» Supplied records
■ ■ ■

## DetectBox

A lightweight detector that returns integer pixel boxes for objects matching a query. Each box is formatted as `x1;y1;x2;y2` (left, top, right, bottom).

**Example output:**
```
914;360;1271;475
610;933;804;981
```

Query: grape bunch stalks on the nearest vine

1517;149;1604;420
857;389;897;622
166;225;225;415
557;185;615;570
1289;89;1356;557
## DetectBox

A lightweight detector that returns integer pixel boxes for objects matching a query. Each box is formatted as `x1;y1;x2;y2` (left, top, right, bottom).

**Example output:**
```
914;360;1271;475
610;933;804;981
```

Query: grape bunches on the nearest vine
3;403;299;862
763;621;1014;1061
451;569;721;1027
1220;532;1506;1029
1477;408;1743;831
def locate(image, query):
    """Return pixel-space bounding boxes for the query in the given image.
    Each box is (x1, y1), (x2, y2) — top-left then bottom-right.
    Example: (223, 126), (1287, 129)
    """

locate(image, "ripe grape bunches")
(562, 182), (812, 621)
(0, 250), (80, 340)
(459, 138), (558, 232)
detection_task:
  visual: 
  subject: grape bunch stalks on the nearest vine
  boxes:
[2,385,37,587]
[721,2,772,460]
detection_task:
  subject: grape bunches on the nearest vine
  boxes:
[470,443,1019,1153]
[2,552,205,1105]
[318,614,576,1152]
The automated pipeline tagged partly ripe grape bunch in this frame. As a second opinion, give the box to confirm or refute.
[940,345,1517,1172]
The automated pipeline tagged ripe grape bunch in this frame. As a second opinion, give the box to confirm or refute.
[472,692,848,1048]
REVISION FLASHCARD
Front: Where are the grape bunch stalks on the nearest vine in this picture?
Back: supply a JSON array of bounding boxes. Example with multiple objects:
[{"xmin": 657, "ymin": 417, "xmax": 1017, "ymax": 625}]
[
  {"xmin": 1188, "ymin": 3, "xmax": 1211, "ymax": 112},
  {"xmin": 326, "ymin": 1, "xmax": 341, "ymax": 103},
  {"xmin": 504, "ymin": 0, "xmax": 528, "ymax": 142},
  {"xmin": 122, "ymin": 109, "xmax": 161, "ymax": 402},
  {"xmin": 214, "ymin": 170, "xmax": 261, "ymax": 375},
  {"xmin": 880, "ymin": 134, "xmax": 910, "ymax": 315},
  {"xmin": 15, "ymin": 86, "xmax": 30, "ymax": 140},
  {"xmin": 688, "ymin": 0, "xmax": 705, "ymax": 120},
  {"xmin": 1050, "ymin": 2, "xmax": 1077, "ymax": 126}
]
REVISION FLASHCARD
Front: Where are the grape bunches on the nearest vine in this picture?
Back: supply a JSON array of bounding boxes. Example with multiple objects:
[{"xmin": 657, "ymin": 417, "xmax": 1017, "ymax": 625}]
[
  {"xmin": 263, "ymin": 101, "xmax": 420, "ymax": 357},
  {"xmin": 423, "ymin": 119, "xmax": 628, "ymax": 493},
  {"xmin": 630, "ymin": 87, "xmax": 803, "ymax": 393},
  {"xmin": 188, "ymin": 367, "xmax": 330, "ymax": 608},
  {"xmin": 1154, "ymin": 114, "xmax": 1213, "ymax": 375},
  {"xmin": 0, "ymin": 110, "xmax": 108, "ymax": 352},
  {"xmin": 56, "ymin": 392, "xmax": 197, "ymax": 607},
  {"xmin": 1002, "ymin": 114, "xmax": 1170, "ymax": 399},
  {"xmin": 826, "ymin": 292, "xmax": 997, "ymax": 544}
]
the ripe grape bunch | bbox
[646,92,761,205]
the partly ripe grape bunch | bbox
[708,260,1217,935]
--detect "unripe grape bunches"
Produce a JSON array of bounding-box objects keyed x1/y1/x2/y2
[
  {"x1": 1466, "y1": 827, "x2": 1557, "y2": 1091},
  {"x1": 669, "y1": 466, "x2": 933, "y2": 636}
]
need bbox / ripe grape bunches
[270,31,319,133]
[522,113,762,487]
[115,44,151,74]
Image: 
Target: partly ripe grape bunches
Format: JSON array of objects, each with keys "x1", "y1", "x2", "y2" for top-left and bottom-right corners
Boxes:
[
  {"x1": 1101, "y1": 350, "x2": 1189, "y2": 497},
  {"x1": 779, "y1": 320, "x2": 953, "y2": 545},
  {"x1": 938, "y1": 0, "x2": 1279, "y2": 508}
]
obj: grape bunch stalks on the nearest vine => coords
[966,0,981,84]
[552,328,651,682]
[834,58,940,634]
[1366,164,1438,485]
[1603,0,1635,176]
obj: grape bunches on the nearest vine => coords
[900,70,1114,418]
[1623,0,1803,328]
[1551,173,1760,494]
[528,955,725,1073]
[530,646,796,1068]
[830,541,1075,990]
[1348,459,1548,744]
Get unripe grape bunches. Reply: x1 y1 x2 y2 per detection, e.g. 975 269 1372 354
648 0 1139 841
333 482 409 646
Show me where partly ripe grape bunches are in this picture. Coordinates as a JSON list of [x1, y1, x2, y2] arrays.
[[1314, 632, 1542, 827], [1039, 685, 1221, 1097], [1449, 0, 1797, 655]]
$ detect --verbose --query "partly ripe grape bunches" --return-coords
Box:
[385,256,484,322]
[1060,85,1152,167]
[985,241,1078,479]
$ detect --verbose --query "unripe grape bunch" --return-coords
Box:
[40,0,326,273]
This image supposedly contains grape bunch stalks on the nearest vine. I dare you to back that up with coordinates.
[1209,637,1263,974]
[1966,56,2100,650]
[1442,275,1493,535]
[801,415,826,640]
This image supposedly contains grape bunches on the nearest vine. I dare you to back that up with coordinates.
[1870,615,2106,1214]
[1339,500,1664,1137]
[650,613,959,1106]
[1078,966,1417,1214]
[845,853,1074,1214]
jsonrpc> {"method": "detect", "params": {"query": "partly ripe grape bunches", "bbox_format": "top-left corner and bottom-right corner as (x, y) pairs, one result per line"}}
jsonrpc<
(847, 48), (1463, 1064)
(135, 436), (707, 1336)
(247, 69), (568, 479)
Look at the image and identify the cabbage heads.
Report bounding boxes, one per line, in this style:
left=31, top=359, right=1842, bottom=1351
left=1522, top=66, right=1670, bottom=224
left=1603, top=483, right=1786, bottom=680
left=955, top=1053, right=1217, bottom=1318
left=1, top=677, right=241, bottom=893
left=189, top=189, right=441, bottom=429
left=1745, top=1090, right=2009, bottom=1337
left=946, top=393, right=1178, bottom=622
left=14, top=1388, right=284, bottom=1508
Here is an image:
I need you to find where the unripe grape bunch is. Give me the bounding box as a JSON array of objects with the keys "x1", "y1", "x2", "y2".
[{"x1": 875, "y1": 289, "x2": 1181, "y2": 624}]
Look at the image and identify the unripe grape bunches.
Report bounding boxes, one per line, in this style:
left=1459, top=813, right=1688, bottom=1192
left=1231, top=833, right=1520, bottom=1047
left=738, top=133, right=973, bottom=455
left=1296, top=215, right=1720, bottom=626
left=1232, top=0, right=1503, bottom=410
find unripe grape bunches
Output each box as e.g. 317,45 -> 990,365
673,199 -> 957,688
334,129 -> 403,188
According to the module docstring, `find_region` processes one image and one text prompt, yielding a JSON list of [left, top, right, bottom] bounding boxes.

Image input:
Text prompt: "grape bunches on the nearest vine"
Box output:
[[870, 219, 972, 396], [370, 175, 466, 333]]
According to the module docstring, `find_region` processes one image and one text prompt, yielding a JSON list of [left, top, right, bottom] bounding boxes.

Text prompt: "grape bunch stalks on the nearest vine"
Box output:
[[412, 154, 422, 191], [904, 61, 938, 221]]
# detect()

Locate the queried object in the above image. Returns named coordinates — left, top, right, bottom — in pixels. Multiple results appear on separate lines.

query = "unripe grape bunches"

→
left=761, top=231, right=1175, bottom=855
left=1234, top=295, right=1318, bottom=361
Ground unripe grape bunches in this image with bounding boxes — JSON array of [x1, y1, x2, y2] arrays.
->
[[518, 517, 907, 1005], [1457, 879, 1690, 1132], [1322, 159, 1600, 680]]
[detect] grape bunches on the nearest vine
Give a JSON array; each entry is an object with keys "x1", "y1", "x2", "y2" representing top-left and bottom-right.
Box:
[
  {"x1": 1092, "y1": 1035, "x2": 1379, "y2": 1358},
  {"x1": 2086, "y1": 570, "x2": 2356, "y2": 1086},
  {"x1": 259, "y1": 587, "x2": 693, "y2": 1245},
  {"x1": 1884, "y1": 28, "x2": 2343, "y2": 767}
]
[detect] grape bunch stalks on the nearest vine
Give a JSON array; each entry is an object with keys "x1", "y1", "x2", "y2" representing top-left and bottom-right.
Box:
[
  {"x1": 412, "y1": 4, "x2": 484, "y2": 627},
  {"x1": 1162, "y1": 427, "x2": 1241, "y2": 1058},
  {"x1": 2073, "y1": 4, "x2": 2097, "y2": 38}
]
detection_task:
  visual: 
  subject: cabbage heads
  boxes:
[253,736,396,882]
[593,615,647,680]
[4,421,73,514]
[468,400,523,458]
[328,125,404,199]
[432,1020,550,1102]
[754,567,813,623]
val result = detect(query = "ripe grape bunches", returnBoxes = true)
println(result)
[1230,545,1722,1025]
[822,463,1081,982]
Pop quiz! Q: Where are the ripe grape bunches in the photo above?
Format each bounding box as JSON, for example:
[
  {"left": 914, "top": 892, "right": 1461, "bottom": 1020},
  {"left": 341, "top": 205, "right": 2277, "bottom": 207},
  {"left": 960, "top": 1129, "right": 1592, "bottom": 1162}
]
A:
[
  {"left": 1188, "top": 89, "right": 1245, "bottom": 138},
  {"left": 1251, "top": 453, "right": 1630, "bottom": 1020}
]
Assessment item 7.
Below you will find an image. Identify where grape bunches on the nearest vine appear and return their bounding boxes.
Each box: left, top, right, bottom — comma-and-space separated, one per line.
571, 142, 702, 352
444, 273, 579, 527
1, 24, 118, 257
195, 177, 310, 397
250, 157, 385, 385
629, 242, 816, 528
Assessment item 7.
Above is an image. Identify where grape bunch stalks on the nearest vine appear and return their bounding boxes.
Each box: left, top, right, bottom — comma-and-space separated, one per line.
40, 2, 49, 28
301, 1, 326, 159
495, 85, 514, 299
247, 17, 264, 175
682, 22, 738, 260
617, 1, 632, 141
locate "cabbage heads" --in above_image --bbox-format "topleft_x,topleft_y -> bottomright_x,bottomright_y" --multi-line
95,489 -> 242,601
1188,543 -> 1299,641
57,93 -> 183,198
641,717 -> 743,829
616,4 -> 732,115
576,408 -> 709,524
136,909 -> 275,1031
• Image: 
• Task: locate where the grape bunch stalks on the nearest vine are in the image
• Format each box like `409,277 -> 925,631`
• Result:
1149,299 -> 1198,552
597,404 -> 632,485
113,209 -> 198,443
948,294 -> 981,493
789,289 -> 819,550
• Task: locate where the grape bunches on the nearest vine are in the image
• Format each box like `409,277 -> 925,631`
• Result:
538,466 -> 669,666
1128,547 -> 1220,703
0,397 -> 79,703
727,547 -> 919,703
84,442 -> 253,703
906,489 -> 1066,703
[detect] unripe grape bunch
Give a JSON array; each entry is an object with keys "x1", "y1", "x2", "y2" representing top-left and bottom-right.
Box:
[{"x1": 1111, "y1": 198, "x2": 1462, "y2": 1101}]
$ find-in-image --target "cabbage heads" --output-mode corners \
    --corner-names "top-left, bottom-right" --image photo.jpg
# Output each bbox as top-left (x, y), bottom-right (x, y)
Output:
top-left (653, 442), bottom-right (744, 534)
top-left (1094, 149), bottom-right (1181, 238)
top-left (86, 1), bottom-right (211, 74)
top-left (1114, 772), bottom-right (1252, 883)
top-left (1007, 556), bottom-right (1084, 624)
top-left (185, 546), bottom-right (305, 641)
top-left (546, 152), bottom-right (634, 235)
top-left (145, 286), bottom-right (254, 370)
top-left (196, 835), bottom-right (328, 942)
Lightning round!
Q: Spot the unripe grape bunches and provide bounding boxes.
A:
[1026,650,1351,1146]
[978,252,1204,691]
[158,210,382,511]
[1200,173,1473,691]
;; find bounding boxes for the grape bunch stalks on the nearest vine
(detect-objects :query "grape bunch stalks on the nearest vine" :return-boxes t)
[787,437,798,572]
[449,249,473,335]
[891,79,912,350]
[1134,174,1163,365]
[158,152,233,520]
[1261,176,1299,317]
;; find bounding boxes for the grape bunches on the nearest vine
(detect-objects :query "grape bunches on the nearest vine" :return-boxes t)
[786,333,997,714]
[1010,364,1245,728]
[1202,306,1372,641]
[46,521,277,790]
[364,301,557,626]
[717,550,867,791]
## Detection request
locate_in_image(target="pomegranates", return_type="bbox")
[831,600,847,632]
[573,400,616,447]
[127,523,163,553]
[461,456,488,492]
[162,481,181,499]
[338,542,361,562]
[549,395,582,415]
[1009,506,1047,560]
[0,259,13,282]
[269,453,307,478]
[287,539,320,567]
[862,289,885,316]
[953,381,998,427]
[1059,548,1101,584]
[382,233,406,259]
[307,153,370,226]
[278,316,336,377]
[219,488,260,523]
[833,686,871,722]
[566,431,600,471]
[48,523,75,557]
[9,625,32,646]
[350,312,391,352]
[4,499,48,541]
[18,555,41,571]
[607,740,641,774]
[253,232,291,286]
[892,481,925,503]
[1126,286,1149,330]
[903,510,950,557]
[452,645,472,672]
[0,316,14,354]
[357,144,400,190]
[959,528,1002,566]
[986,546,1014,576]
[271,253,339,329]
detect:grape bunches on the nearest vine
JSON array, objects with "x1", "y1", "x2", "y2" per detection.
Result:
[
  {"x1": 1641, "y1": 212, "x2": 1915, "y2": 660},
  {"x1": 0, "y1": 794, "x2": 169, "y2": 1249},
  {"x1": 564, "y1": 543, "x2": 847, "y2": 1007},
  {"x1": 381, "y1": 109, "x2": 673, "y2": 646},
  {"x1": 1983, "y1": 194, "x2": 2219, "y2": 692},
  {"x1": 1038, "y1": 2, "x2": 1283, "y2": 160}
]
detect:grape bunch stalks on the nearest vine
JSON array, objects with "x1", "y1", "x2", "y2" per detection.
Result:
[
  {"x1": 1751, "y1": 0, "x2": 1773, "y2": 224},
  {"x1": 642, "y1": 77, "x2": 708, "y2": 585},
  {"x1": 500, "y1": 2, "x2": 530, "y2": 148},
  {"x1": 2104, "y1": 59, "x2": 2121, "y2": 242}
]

■ ■ ■

» Exercise description
In the entries above, please find the line with "val result = detect(query" and the line with "Below you will", then write out exactly those two lines and every line between them, and nothing more.

» Answer section
val result = detect(query = "ripe grape bunches", returnBoxes = true)
println(result)
[1230,545,1722,1025]
[822,463,1081,982]
Pop quiz! Q: Where are the ripe grape bunches in the photo above?
Format each bounding box as JSON, for example:
[
  {"left": 914, "top": 892, "right": 1461, "bottom": 1020},
  {"left": 341, "top": 205, "right": 2277, "bottom": 207},
  {"left": 960, "top": 1129, "right": 1592, "bottom": 1162}
]
A:
[
  {"left": 1188, "top": 89, "right": 1245, "bottom": 138},
  {"left": 1251, "top": 453, "right": 1630, "bottom": 1020}
]
Assessment item 7.
Below you will find an image. Identify where grape bunches on the nearest vine appear and return their bounding boxes.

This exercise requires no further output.